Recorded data
>>>

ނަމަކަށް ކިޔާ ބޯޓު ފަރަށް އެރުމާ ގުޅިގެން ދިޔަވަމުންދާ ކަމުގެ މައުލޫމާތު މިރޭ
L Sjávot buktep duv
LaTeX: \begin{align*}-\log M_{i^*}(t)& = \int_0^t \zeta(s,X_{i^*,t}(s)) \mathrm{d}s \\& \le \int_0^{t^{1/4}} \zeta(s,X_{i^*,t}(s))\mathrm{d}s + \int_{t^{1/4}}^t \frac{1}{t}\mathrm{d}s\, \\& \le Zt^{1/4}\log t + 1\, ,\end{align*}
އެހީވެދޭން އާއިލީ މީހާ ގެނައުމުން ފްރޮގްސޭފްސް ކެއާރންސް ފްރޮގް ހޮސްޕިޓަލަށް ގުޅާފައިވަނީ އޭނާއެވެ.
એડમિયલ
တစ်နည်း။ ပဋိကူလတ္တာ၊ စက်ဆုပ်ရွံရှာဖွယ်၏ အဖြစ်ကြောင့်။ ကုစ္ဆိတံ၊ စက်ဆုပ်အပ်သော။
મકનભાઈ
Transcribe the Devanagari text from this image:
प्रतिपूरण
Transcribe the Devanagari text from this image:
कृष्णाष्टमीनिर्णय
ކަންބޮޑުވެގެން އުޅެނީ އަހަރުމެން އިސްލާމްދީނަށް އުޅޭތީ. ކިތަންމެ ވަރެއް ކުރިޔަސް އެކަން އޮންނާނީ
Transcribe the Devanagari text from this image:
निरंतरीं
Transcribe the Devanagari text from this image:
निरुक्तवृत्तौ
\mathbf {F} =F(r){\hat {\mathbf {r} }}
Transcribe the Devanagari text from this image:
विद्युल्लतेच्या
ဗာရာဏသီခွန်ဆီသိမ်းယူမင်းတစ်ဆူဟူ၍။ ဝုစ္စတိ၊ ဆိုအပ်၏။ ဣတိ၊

<<<
>>>

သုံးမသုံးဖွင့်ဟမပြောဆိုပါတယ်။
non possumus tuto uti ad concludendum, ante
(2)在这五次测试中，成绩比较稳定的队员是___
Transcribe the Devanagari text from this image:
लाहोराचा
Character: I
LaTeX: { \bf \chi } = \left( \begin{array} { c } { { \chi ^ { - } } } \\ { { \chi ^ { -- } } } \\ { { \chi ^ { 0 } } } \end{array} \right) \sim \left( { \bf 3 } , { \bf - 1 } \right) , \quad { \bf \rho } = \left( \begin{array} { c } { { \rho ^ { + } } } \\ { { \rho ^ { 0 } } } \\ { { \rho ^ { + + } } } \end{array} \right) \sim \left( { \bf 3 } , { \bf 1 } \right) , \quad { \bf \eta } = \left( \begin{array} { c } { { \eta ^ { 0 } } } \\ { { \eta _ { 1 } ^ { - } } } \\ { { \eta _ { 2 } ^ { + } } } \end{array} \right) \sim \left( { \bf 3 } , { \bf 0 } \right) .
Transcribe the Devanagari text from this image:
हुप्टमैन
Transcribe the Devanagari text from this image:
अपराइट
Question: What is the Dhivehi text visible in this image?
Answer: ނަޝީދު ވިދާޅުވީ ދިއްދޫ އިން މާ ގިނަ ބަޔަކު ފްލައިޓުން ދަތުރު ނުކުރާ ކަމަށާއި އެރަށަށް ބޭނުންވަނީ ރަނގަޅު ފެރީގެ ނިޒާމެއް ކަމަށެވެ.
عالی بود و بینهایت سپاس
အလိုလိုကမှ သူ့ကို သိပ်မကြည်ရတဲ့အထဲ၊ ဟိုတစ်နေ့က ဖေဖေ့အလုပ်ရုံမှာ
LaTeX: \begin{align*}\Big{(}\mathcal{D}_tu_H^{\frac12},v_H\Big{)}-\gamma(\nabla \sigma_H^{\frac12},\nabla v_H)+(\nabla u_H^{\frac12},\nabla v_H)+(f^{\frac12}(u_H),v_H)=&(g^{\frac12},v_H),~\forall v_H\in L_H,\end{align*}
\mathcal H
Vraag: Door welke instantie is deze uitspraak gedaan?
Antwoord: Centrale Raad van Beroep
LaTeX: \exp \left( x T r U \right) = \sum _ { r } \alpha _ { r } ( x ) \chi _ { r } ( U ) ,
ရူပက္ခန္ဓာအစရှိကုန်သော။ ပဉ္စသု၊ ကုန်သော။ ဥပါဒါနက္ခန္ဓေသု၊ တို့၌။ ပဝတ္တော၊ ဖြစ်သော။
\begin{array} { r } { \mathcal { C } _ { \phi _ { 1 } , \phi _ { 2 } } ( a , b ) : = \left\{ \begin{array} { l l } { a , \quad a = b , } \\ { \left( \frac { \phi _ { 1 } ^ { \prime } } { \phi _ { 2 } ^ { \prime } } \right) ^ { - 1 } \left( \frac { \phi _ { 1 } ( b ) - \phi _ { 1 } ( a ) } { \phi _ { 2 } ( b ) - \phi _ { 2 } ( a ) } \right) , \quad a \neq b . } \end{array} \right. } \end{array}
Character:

<<<

*EXERCISE INSTRUCTIONS*.
Every line above from the line with "Question: What is" to the line with "Antwoord: Centrale Raad van Beroep" is wanted, ends included; write them out exactly and add no other line.

*EXPECTED ANSWER*.
Question: What is the Dhivehi text visible in this image?
Answer: ނަޝީދު ވިދާޅުވީ ދިއްދޫ އިން މާ ގިނަ ބަޔަކު ފްލައިޓުން ދަތުރު ނުކުރާ ކަމަށާއި އެރަށަށް ބޭނުންވަނީ ރަނގަޅު ފެރީގެ ނިޒާމެއް ކަމަށެވެ.
عالی بود و بینهایت سپاس
အလိုလိုကမှ သူ့ကို သိပ်မကြည်ရတဲ့အထဲ၊ ဟိုတစ်နေ့က ဖေဖေ့အလုပ်ရုံမှာ
LaTeX: \begin{align*}\Big{(}\mathcal{D}_tu_H^{\frac12},v_H\Big{)}-\gamma(\nabla \sigma_H^{\frac12},\nabla v_H)+(\nabla u_H^{\frac12},\nabla v_H)+(f^{\frac12}(u_H),v_H)=&(g^{\frac12},v_H),~\forall v_H\in L_H,\end{align*}
\mathcal H
Vraag: Door welke instantie is deze uitspraak gedaan?
Antwoord: Centrale Raad van Beroep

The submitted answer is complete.